I believe that we are in for a long period of uncertainty and instability in our country and in the world. Peace and reconciliation seem so very far away from where we are now. There is real terror in some people at the prospect of financial ruin in this pandemic during which we are to STAY AT HOME for the sake of containing the spread of this deadly virus. Tragically, many people are unable to work in order to stay at home and to prevent spreading the virus.
I imagine that some people are still reeling from the panic after they lost so much in the 2008 stock market and housing market. That was a man-made crash brought on by greed. Corrupt and risky financial speculations were invented to “bet” on stocks and the housing market. This created a false financial “bubble” increase. The bubble burst because the speculation could not be sustained. A loved one to this day who sold their home “under water” is panicked and has not gotten over their financial ruin.

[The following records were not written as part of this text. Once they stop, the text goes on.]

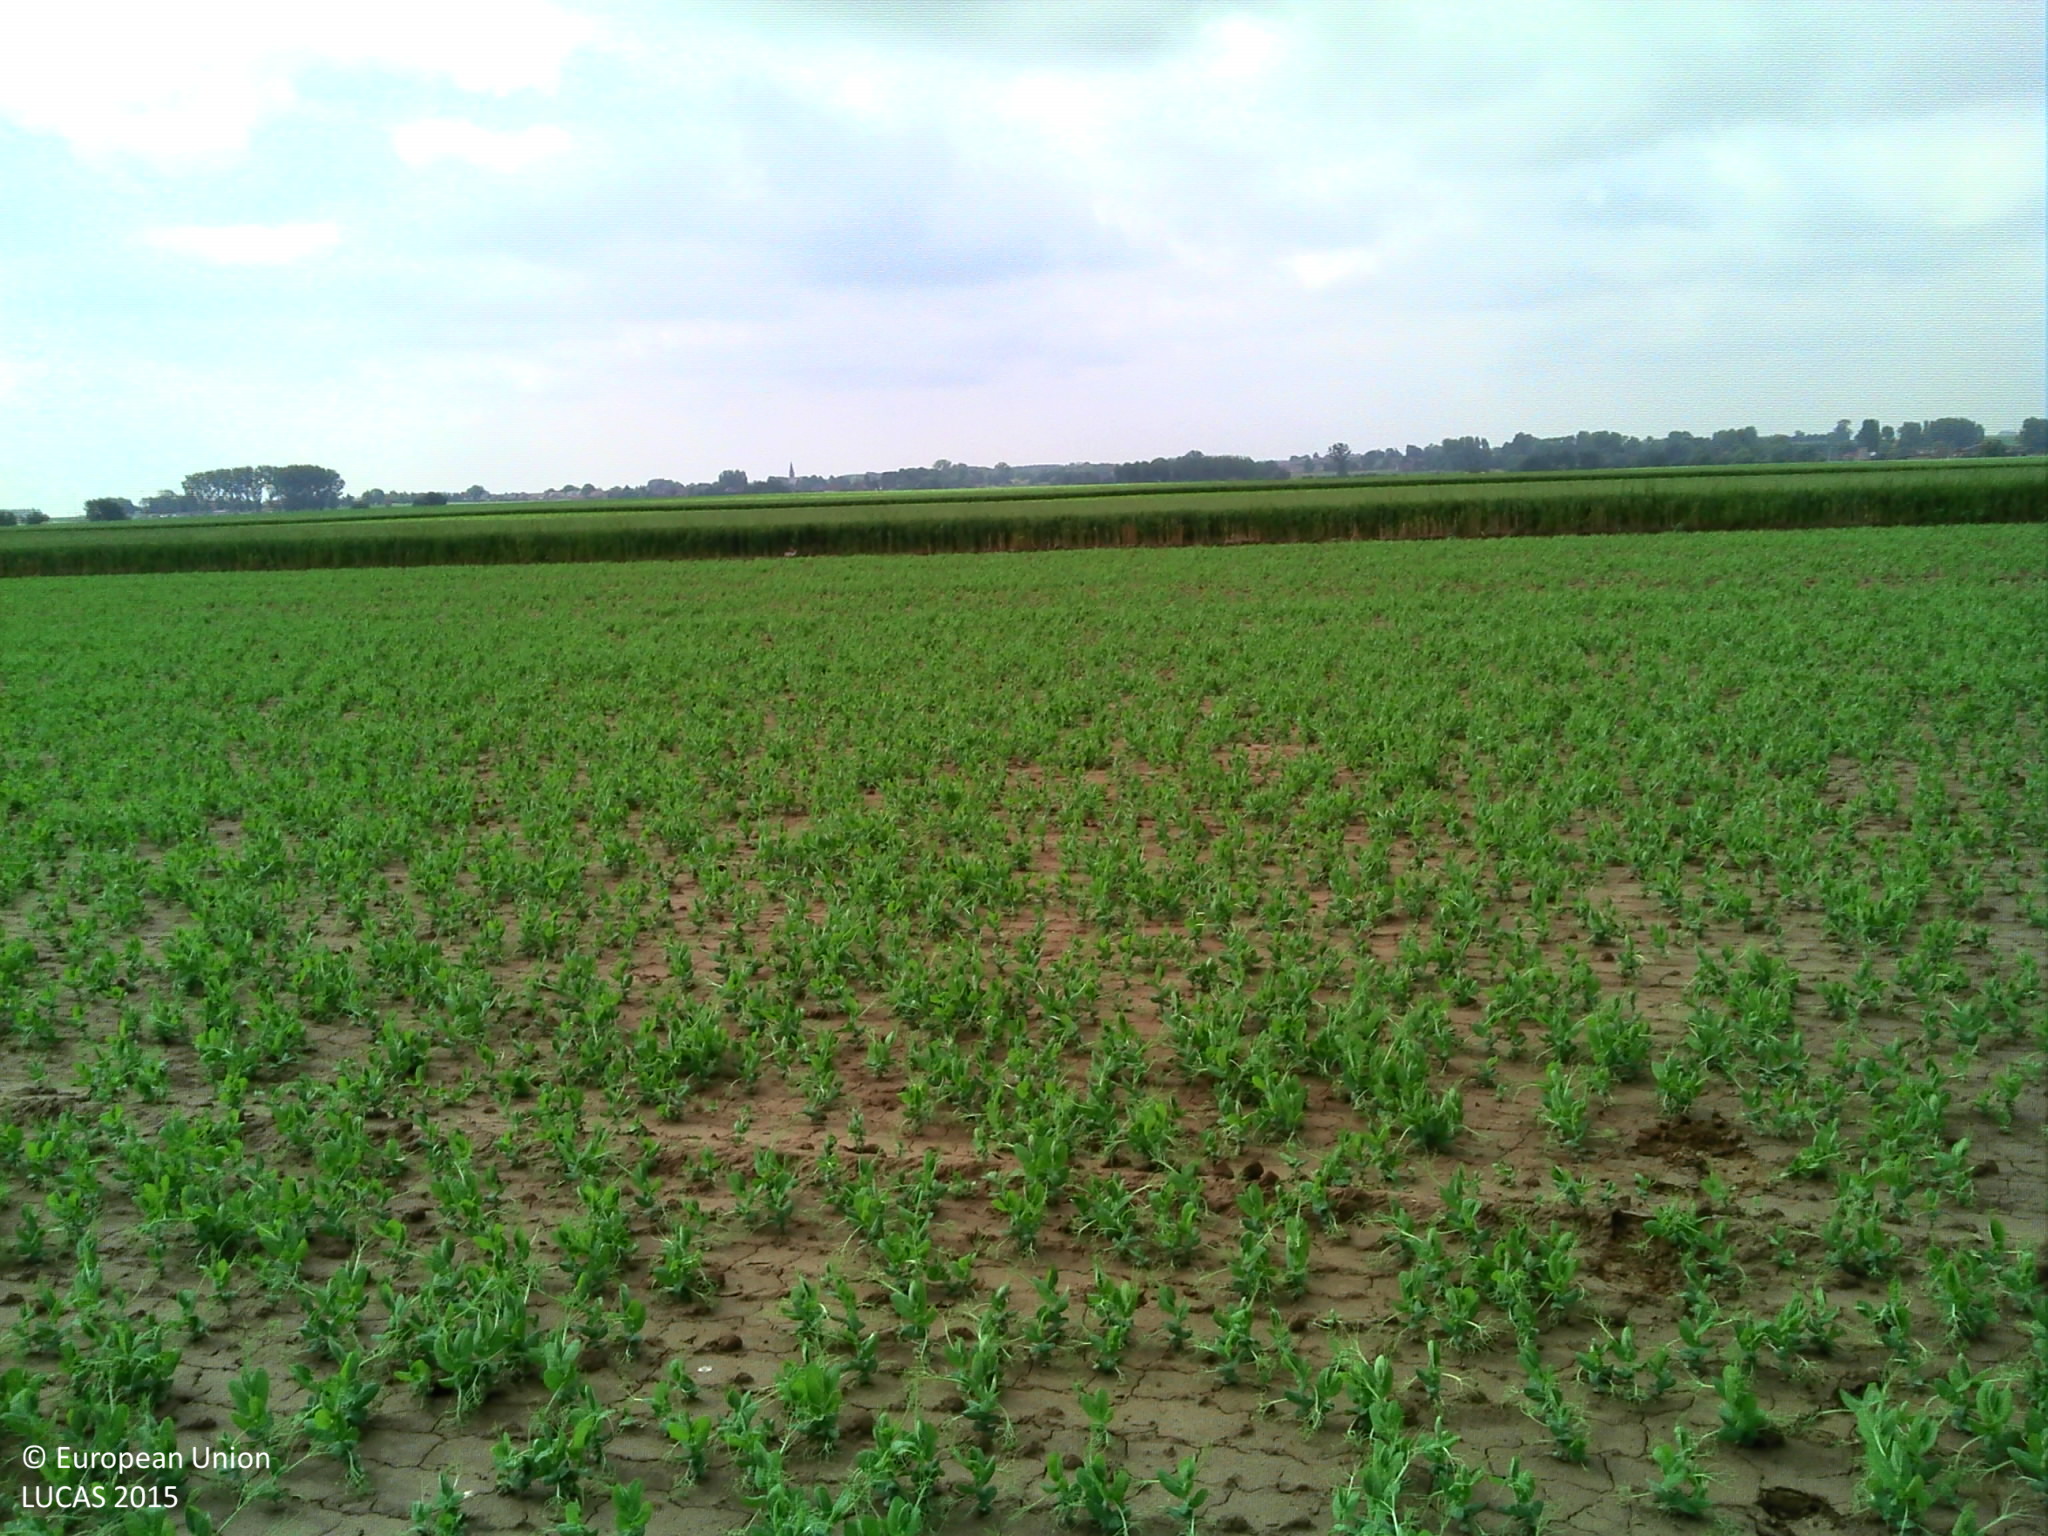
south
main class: Cropland
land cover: Dry pulses
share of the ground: 50 - 75 %
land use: Agriculture (excluding fallow land and kitchen gardens)
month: June
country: BE
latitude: 50.5743
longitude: 3.7945

I can see why some want to open up the country “for business” in order not to lose billions like they did twelve years ago. It is a mistake, and when I hear talk show voices casually mentioning “sacrificing” 2 or 3 percent of school children to “open up the country” for the financial gain of business, that is wrong and against everything people of faith believe. I can hear this voice of evil and greed threatening the common good.
I know that parents are struggling for a way to normalize a very abnormal schedule for our children. Play dates are not possible. Some parents tell me that they are out of their comfort zone trying to teach their children. And certainly they feel stressed about what to tell their children about the pandemic, when to tell them, if they should tell them and how to tell them.

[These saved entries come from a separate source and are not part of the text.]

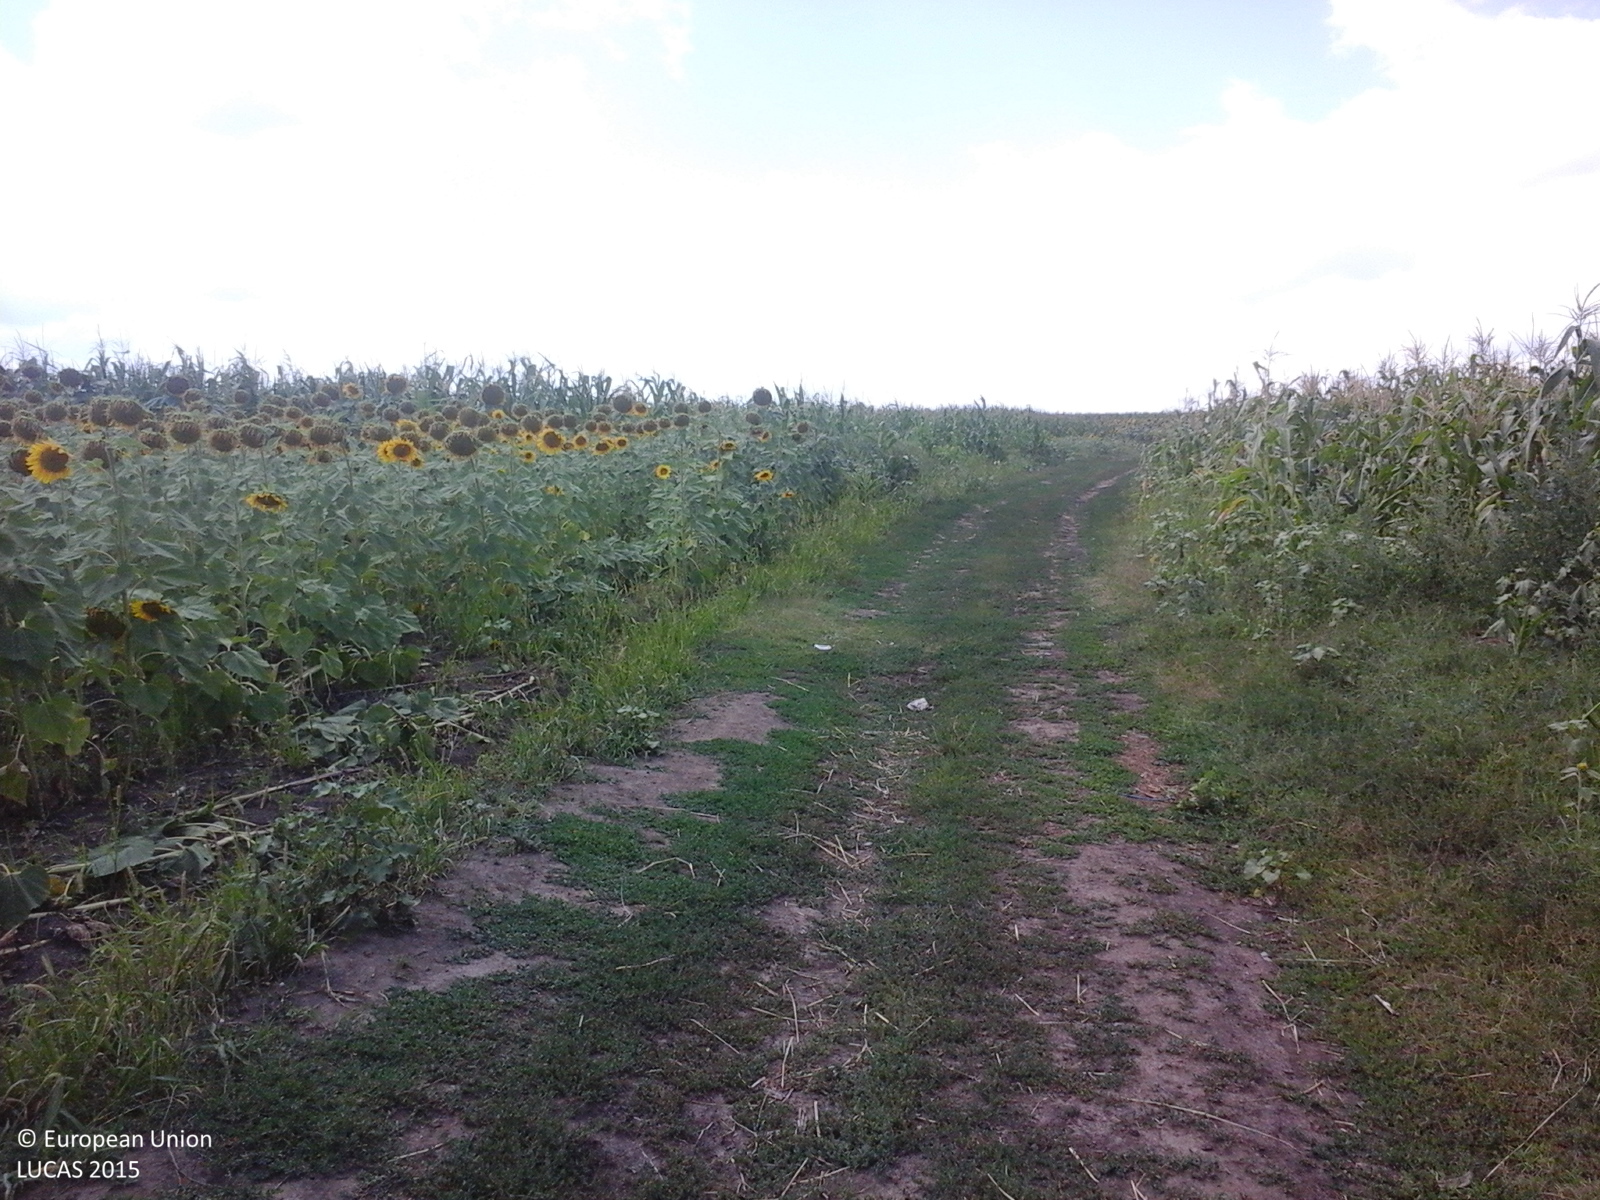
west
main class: Cropland
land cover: Maize
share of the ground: > 75 %
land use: Agriculture (excluding fallow land and kitchen gardens)
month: July
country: RO
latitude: 46.4486
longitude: 27.8921

There was a darling Sesame Street video that aired this week for parents. It is called, “Elmo’s Dad Sends a PSA to Overwhelmed Parents at Home: You Are Doing an Amazing Job.” Did you even know Elmo had a dad? Do you know his name? It’s Louie. Louie is his name.

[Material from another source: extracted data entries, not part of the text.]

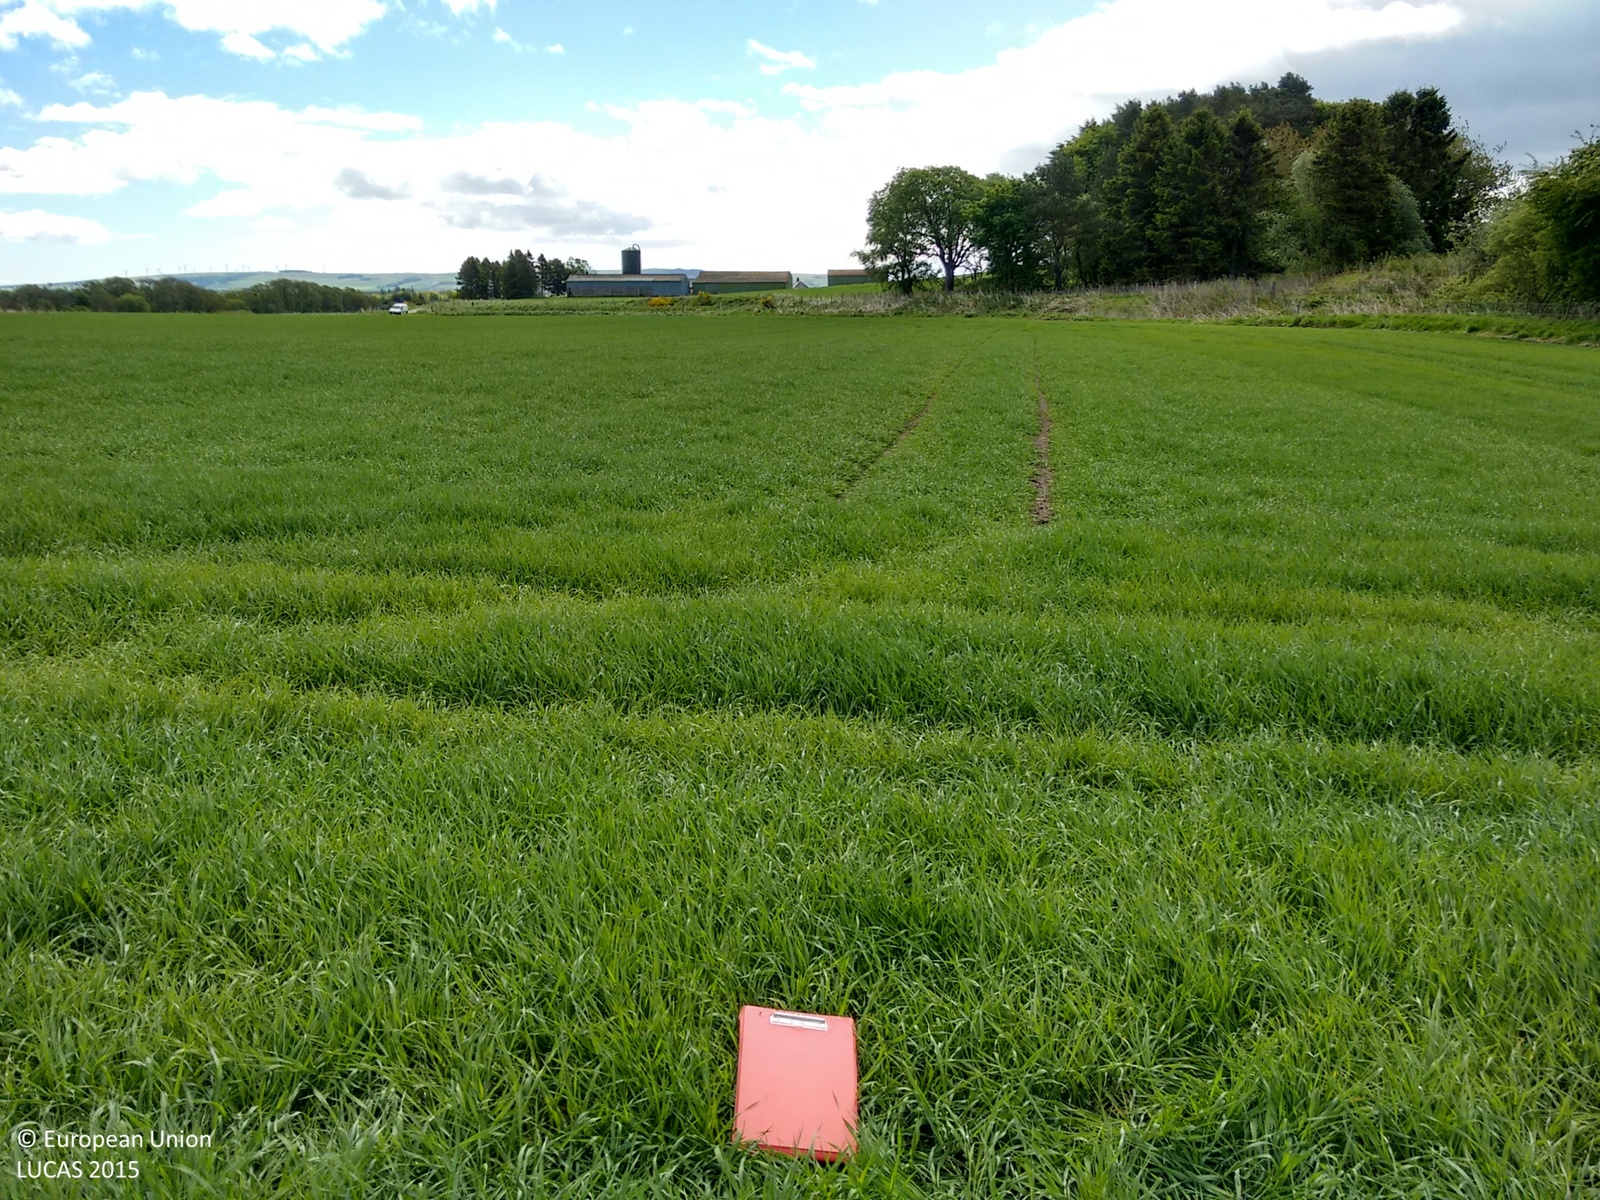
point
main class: Cropland
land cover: Barley
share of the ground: > 75 %
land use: Agriculture (excluding fallow land and kitchen gardens)
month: June
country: GB
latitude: 56.8573
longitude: -2.6034

In an article that introduced this adorable and heartfelt video, the reporter writes, “…Louie applauded moms and dads for their tireless efforts to keep their kids healthy, safe, and entertained, but acknowledged this time can be overwhelming. He encouraged parents to take a moment for themselves: listen to a favorite song, stretch, or just breathe.”
Louie, Elmo’s dad looks into the camera and says, “We are all doing the best we can, and that is OK.”
And then he immediately exits “stage left” to build a “pillow fort”!
Alleluia! Christ is risen.
And when you build YOUR “pillow fort”, make it a secure place of peace and laughter and love.